Your outline script is most of the way there. It is more complex because you didn't save the dates coming in. This more or less works:
awk -F, '
FNR == NR { if (!($2 in date) || date[$2] < $3) { date[$2] = $3; line[$2] = $0; } next; }
{ if ($2 in date)
{
if (date[$2] > $3)
print line[$2]
else
print
delete line[$2]
delete date[$2]
}
else
print
}
END { for (l in line) print line[l]; }' file2 file1
Sample output for given data:
DL,1111111100,201312051013,val,FIX01,OptIn,N,Ext1,Ext2
DL,1111111101,201312051014,val,FIX01,OptIn,Y,Ext1,Ext2
DL,1111111102,201312051017,val,FIX02,OptIn,N,Ext1,Ext2
DL,1111111103,201312051016,val,FIX01,OptIn,N,Ext1,Ext2
DL,1111111104,201312051016,val,FIX02,OptIn,Y,Ext1,Ext2
However, if there were 4 new records, there's no guarantee that they'd be in sorted order, though they would all be at the end of the list. It would be possible to upgrade the script to print the new records at the appropriate place in the list if the input is guaranteed to be in sorted order. You simply have to search through the list of lines to see whether there are any lines that should be printed before the current line, and if so, do so (and delete the record so that they are not printed at the end).

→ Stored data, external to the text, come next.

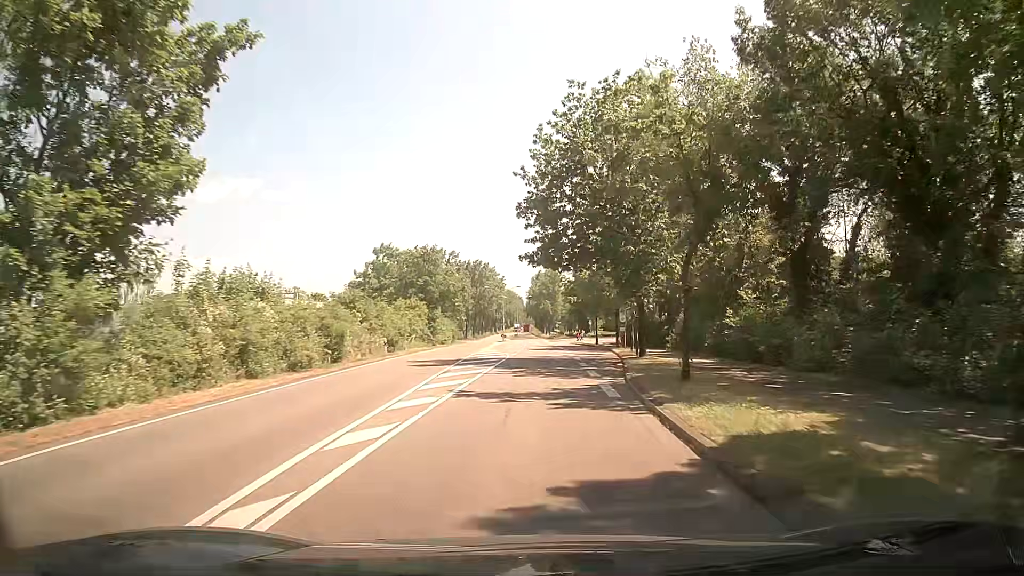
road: secondary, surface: asphalt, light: Day
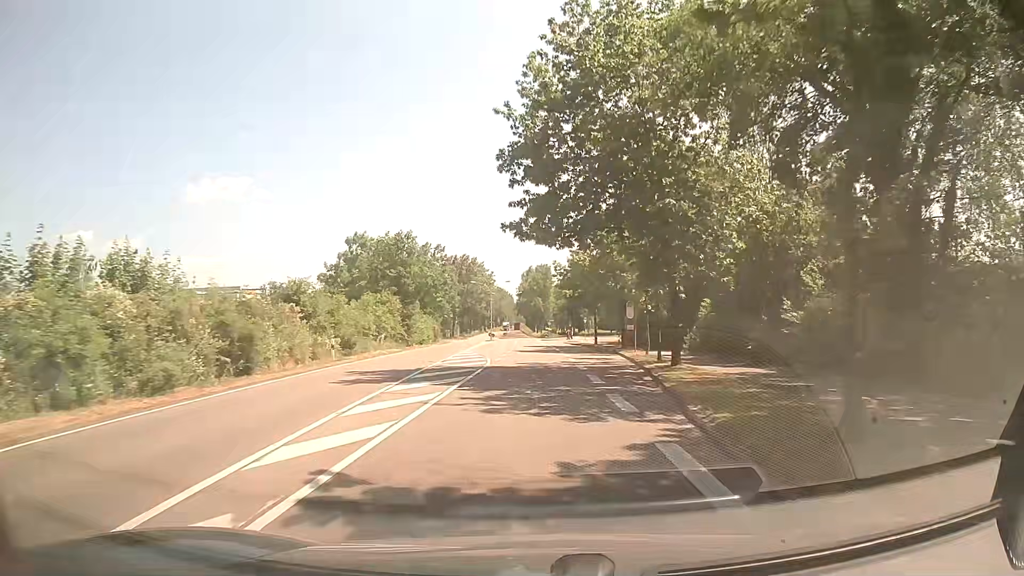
(+0.1, +8.8) m; +1°
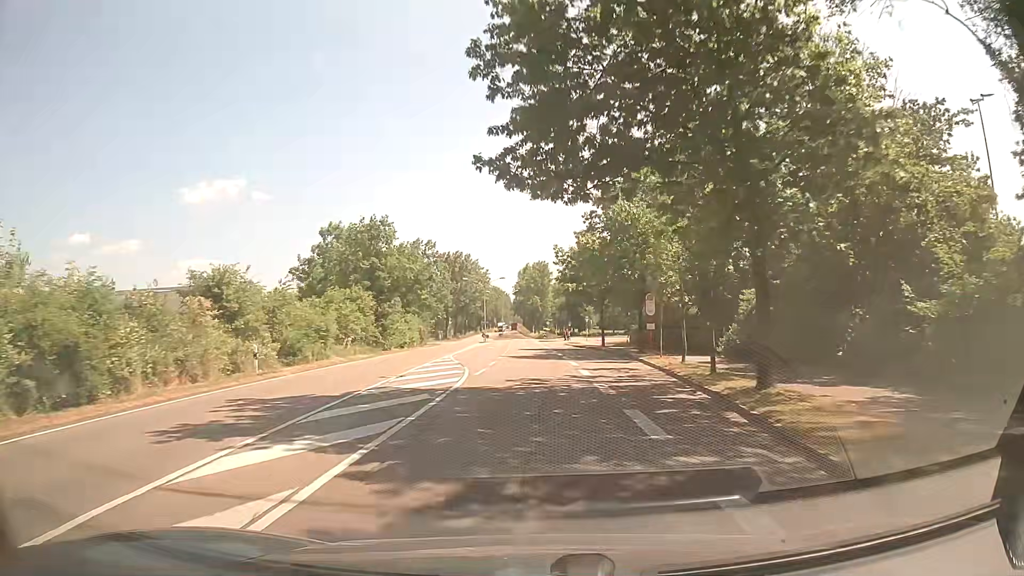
(+0.1, +8.7) m; +1°
(0, +10) (0, +20) (0, +30) (0, +40) (0, +50) (-1, +60) (-1, +70) (-1, +80) (-1, +90) (-1, +100) m

Note that uniqueness in the output depends on uniqueness in the input (file1). That is, if field 2 in the input is repeated, this code won't notice. There is also nothing that can be done with the current design even if a duplicate was spotted; the old row has been printed so printing the new row will simply cause the duplicate. If you were worried about this, you could design the awk script to keep the whole of file1 in memory and only print anything when the whole of the input has been processed. Needless to say, this uses a lot more memory than the current design, and will generally be less efficient because of that. Nevertheless, it could be done if needed.